YOUR INSTRUCTIONS:
Copy the listing as it is written, and leave each picture out.

DATA TO PROCESS:
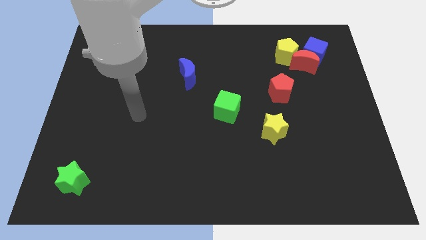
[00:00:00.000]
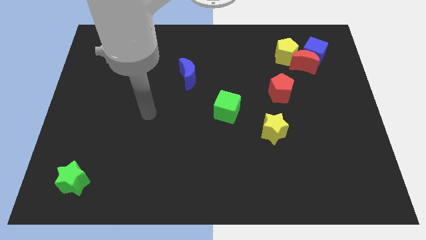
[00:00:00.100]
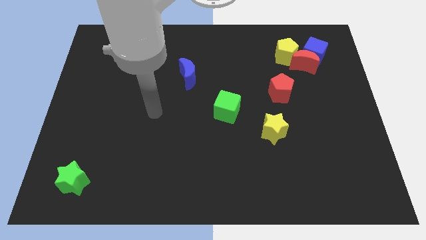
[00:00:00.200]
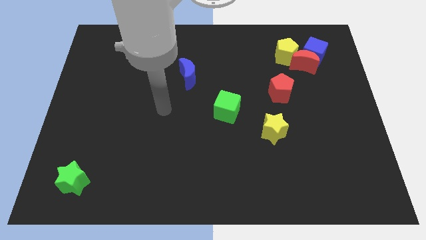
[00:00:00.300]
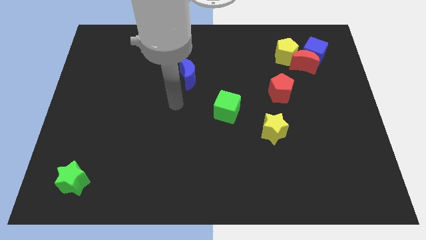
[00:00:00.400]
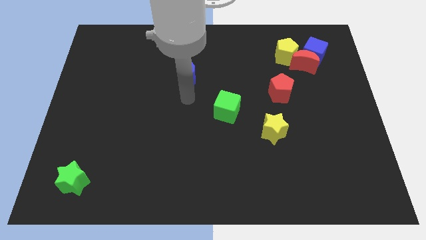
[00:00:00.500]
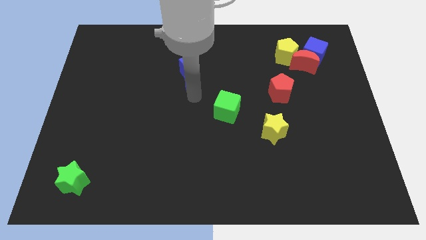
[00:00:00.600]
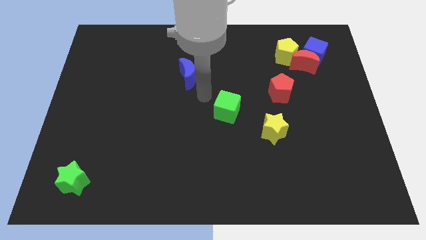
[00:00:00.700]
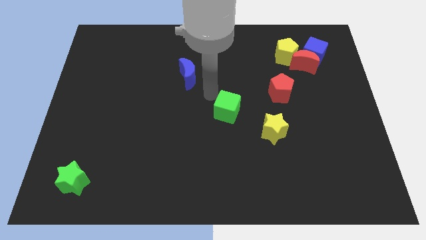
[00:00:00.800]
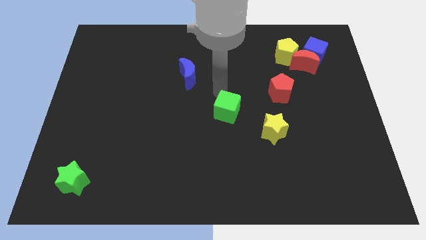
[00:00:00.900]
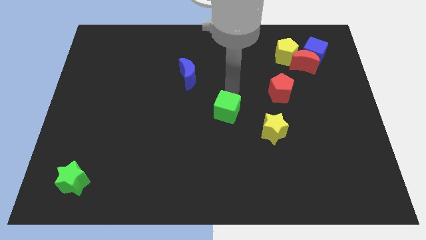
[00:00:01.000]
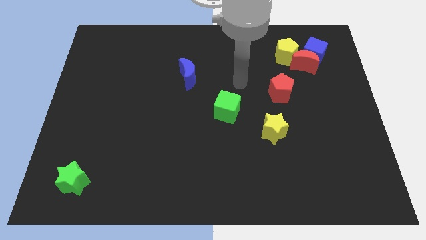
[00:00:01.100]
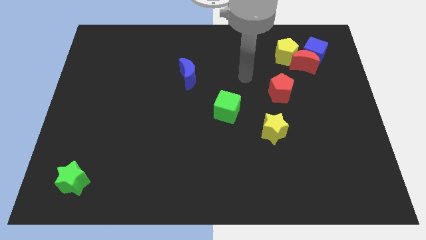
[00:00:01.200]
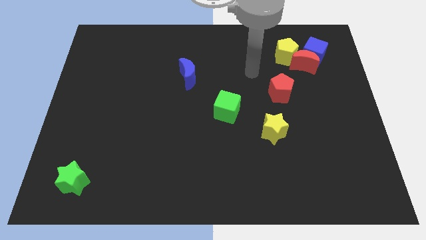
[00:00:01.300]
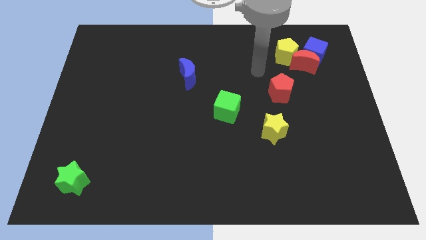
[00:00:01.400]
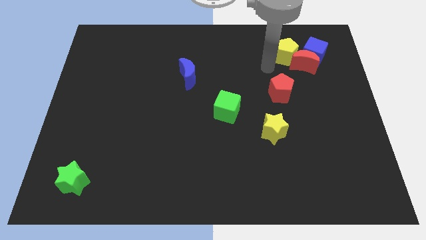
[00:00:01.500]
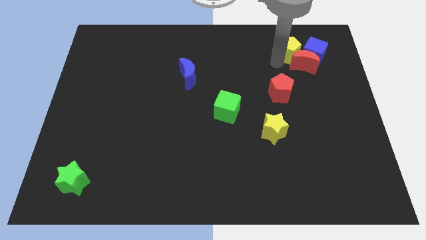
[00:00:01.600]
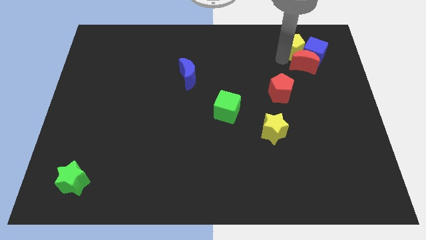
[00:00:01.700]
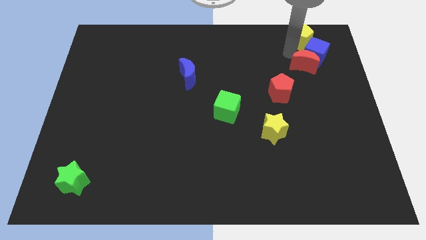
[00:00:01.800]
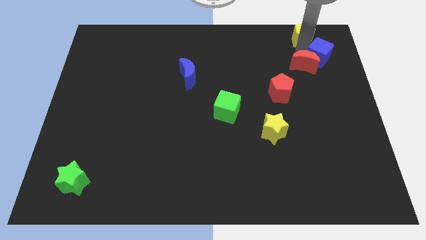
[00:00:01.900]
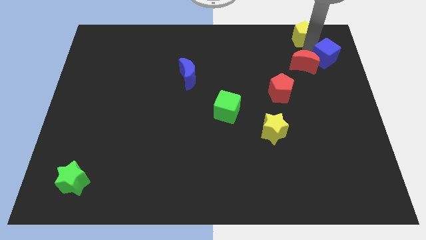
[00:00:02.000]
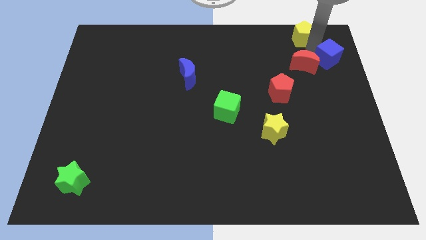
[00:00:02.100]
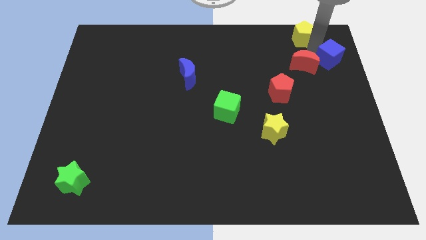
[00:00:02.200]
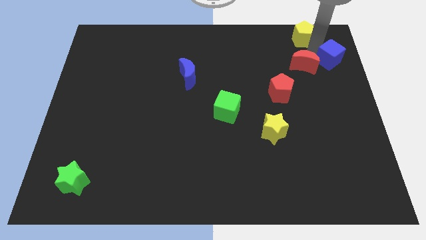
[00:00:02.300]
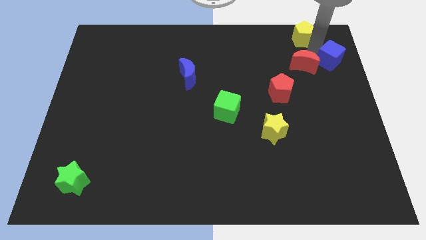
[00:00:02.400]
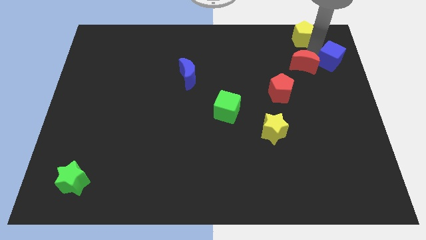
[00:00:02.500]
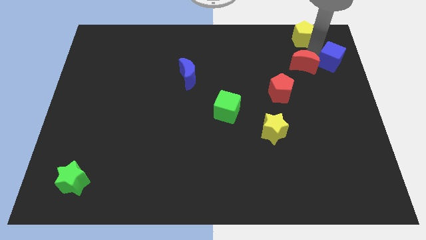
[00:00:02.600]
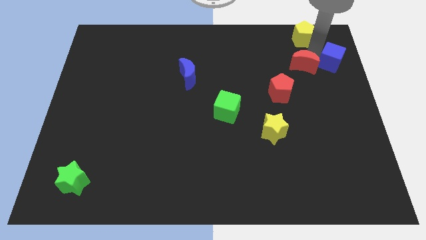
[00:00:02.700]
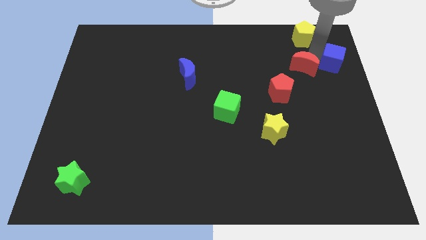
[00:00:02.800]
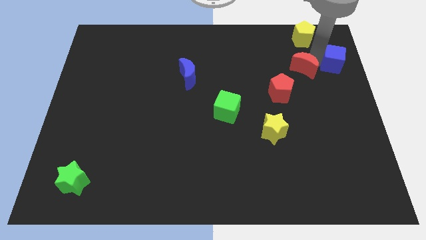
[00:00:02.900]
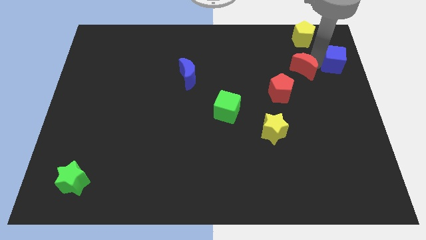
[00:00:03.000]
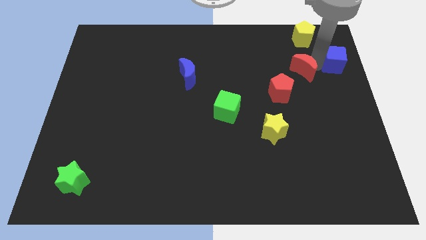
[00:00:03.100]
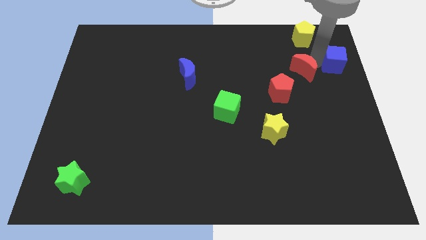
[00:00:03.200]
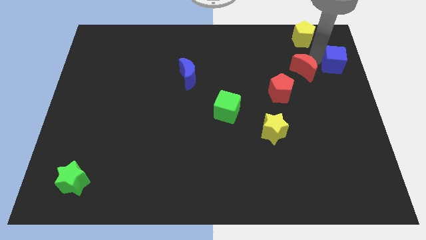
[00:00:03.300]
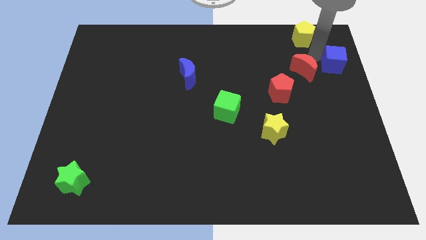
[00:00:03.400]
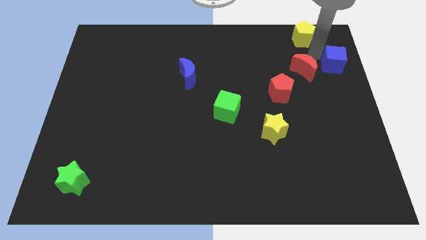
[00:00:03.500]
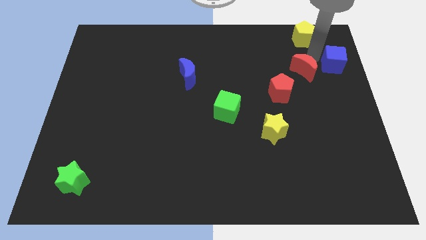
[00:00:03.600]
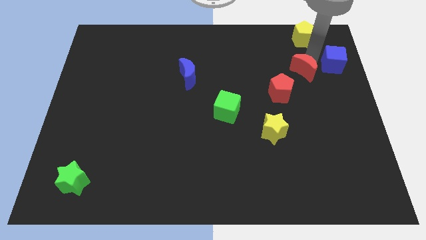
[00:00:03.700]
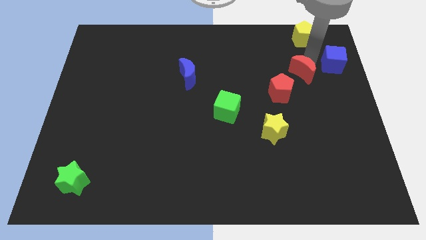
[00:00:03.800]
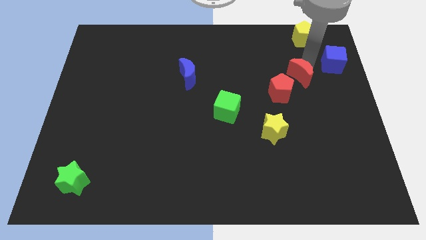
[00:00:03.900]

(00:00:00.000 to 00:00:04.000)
move the red moon away from the blue cube and yellow pentagon

YOUR SOLUTION:
[00:00:00.000]
[00:00:00.100]
[00:00:00.200]
[00:00:00.300]
[00:00:00.400]
[00:00:00.500]
[00:00:00.600]
[00:00:00.700]
[00:00:00.800]
[00:00:00.900]
[00:00:01.000]
[00:00:01.100]
[00:00:01.200]
[00:00:01.300]
[00:00:01.400]
[00:00:01.500]
[00:00:01.600]
[00:00:01.700]
[00:00:01.800]
[00:00:01.900]
[00:00:02.000]
[00:00:02.100]
[00:00:02.200]
[00:00:02.300]
[00:00:02.400]
[00:00:02.500]
[00:00:02.600]
[00:00:02.700]
[00:00:02.800]
[00:00:02.900]
[00:00:03.000]
[00:00:03.100]
[00:00:03.200]
[00:00:03.300]
[00:00:03.400]
[00:00:03.500]
[00:00:03.600]
[00:00:03.700]
[00:00:03.800]
[00:00:03.900]

(00:00:00.000 to 00:00:04.000)
move the red moon away from the blue cube and yellow pentagon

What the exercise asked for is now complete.